2. Masked Satellite Attention (MSA): Asymmetric attention for unidirectional isolation
The root cause of VGGT's performance crash is "pollution" of ground/aerial features by satellite features through global self-attention. As satellite images are near-orthogonal and at extreme altitudes, bidirectional interaction biases healthy representations. MSA implements standard intra-frame self-attention followed by a directional mask in each GAS encoder block: satellite tokens can attend to ground/aerial tokens, but the reverse is prohibited by setting the Sat \(\rightarrow\) Gnd/Aerial attention matrix values to \(-\infty\). Thus, ground/aerial tokens never "see" the satellite, preserving VGGT's zero-shot capabilities, while satellite tokens unidirectionally absorb information for self-localization.

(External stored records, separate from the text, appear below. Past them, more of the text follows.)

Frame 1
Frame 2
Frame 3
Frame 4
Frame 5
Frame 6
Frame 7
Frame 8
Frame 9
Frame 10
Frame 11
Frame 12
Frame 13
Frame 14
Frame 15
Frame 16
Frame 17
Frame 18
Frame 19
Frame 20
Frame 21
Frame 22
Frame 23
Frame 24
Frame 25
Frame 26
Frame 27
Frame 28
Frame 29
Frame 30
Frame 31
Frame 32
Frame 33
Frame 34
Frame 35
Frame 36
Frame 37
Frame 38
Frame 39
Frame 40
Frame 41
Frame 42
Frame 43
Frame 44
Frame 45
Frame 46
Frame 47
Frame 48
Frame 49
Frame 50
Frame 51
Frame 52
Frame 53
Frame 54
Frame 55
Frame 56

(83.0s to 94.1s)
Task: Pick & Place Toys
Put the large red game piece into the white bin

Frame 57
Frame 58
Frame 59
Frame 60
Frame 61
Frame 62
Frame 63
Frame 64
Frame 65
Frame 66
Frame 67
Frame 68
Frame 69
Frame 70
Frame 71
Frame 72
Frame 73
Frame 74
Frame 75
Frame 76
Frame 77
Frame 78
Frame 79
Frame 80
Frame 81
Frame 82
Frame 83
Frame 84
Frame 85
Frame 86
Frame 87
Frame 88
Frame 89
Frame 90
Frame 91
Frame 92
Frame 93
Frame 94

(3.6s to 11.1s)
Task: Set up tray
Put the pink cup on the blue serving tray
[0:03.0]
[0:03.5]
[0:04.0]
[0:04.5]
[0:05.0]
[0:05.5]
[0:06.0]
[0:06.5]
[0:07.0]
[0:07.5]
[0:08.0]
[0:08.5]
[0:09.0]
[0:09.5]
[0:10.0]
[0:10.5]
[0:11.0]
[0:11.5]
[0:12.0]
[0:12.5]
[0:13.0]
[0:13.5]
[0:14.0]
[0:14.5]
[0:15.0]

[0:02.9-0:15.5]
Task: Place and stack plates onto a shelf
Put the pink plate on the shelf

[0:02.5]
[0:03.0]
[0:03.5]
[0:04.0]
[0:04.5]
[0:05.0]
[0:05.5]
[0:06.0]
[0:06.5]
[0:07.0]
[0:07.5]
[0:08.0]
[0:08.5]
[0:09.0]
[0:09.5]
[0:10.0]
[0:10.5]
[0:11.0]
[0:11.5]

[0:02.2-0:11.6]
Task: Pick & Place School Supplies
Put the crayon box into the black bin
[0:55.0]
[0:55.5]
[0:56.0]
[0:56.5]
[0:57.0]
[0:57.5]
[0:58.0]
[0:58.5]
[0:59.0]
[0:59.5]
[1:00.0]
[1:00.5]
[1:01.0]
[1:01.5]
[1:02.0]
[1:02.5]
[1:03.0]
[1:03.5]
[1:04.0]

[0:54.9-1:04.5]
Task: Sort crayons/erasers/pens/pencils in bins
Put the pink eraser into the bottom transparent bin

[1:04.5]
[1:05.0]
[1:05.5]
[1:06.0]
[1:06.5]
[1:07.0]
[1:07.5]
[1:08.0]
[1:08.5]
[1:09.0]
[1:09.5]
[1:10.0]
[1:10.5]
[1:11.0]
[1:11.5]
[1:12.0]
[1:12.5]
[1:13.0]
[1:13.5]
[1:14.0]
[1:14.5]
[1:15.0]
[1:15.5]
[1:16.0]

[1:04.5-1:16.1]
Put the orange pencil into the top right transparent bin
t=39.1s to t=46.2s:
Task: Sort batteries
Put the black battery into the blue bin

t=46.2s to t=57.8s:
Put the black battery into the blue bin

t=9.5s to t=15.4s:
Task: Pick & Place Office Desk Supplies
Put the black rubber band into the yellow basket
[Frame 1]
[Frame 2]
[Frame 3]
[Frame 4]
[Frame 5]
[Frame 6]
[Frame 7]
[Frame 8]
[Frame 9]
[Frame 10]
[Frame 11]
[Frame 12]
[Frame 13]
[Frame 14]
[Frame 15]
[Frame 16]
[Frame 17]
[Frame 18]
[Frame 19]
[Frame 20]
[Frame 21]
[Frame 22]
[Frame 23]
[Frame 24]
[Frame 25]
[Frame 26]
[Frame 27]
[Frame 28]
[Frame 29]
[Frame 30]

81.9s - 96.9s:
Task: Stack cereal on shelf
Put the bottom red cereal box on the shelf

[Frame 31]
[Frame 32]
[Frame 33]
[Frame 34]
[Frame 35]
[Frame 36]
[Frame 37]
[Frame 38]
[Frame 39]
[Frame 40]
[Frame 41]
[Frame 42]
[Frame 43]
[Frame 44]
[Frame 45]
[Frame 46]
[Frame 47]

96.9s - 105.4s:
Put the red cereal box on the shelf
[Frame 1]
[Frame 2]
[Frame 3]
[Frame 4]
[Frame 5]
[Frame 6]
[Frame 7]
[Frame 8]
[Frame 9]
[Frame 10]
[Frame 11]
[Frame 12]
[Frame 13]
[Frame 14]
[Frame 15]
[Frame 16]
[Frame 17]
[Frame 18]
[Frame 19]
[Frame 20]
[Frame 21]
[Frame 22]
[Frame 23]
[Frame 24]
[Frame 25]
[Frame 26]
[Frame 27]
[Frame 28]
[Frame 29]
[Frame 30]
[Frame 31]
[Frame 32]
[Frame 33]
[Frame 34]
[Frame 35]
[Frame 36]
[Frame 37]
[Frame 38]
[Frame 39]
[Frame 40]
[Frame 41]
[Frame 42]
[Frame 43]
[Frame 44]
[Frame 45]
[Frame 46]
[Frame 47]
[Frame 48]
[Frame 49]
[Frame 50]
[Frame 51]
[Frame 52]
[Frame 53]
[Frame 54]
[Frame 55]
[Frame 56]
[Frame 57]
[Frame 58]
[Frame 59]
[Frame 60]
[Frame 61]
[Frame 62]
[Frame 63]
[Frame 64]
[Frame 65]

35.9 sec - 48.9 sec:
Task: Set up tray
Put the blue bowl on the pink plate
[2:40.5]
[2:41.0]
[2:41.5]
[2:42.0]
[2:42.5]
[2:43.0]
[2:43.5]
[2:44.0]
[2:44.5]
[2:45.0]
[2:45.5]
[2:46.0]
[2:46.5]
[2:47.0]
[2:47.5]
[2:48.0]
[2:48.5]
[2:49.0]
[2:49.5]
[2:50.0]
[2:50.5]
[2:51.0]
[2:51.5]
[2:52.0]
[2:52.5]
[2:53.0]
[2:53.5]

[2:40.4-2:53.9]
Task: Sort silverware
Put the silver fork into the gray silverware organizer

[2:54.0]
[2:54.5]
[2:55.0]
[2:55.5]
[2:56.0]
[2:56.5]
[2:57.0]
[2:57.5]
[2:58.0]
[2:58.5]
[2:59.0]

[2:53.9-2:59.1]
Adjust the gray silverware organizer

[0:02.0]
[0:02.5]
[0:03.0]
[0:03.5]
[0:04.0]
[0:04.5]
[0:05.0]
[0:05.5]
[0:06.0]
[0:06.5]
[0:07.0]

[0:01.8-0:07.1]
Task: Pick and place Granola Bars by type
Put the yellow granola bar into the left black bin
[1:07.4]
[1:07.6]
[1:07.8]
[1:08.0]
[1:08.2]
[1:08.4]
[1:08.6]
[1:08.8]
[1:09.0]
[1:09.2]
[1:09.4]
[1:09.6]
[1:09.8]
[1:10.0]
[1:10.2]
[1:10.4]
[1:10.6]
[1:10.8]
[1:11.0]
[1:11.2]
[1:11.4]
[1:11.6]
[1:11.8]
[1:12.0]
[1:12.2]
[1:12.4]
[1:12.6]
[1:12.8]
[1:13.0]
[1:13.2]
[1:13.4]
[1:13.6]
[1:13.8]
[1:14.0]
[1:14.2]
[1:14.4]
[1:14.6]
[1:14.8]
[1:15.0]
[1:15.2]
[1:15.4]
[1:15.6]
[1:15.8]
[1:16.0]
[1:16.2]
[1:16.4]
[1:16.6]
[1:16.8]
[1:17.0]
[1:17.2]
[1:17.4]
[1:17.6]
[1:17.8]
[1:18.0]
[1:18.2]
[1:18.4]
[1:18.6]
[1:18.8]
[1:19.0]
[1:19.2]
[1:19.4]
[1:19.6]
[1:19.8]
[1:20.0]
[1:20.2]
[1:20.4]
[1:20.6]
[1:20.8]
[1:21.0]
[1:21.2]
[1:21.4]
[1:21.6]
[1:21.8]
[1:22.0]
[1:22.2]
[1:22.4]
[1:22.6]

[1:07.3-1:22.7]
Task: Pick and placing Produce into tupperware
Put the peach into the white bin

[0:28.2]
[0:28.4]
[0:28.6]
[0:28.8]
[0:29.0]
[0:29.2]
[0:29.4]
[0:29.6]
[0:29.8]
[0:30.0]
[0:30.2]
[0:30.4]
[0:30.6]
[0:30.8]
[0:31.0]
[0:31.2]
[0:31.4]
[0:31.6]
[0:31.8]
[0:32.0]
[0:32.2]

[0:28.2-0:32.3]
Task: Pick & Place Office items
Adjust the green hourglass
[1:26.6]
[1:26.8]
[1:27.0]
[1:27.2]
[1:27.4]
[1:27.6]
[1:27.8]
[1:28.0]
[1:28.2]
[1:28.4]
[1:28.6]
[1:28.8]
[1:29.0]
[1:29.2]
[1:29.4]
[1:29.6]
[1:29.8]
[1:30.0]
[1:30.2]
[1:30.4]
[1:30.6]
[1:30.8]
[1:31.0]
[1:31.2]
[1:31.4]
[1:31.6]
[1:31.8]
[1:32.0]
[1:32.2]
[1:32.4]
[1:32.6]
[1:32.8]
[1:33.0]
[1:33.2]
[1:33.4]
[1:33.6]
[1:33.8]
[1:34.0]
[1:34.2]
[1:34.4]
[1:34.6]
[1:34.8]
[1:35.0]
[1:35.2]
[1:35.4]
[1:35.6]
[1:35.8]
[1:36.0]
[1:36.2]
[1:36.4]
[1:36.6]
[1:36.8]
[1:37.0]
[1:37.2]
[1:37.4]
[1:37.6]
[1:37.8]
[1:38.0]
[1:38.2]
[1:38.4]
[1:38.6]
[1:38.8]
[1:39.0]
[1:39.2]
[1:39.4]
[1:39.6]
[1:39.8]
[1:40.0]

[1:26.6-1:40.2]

3. Progressive View Sampling (P-VS): Using aerial views as a "bridge" for curriculum learning
Ground and satellite views are extreme opposites with minimal visual overlap. P-VS uses aerial views as a bridge, increasing difficulty via a curriculum: training starts with high aerial sampling (\(N_a \approx N\)) to establish associations across the altitude chain. As training progresses, aerial images are phased out (\(N_a \approx 0\)), eventually leaving the challenging ground-satellite combination. This allows the model to transition smoothly from simpler joint localization to the difficult ground + satellite objective.
Loss & Training¶
The multi-task loss is defined as \(\mathcal{L} = \mathcal{L}_{\text{cam, sat}} + 0.4 \cdot \mathcal{L}_{\text{cam, gnd/aerial}} + \mathcal{L}_{\text{depth}}\). The satellite camera loss receives the highest weight, reflecting that satellite tokens are the primary targets for optimization. Training also utilizes Curriculum Aware Camera-Sampling (CA-CS), which initially samples nearby camera pairs before expanding to distant pairs based on a metric of "rotation distance + 0.5 \(\times\) translation distance."
Key Experimental Results¶
Main Results (GAS setup, RRA@5 / RTA@5 %)¶
| Method | Training Data | Ground RRA/RTA | Sat RRA/RTA | Aerial RRA/RTA | Avg RRA/RTA |
|---|---|---|---|---|---|
| VGGT | Zero-shot | 75.1/60.9 | 66.6/0.0 | 79.2/72.6 | 73.6/44.5 |
| VGGT | Sky2Ground | 50.0/46.1 | 86.6/53.3 | 29.7/31.5 | 55.4/43.6 |
| SkyNet | Sky2Ground | 76.7/64.2 | 88.9/57.3 | 84.0/78.1 | 83.2/66.5 |
Ablation Study (G+S setup)¶
| Configuration | MSA | CA-CS | P-VS | Avg Performance |
|---|---|---|---|---|
| VGGT Fine-tune | ✗ | ✗ | ✗ | 47.8 |
| VGGT Zero-shot | ✗ | ✗ | ✗ | 52.9 |
| +MSA | ✓ | ✗ | ✗ | 62.7 (+8.2) |
| +P-VS | ✗ | ✗ | ✓ | 61.1 (+7.3) |
| +MSA+CA-CS+P-VS | ✓ | ✓ | ✓ | 65.1 (+12.2) |
Key Findings¶
- Fine-tuning VGGT with satellite data leads to severe degradation: RRA dropped from 73.6% to 55.4% (-18.2%).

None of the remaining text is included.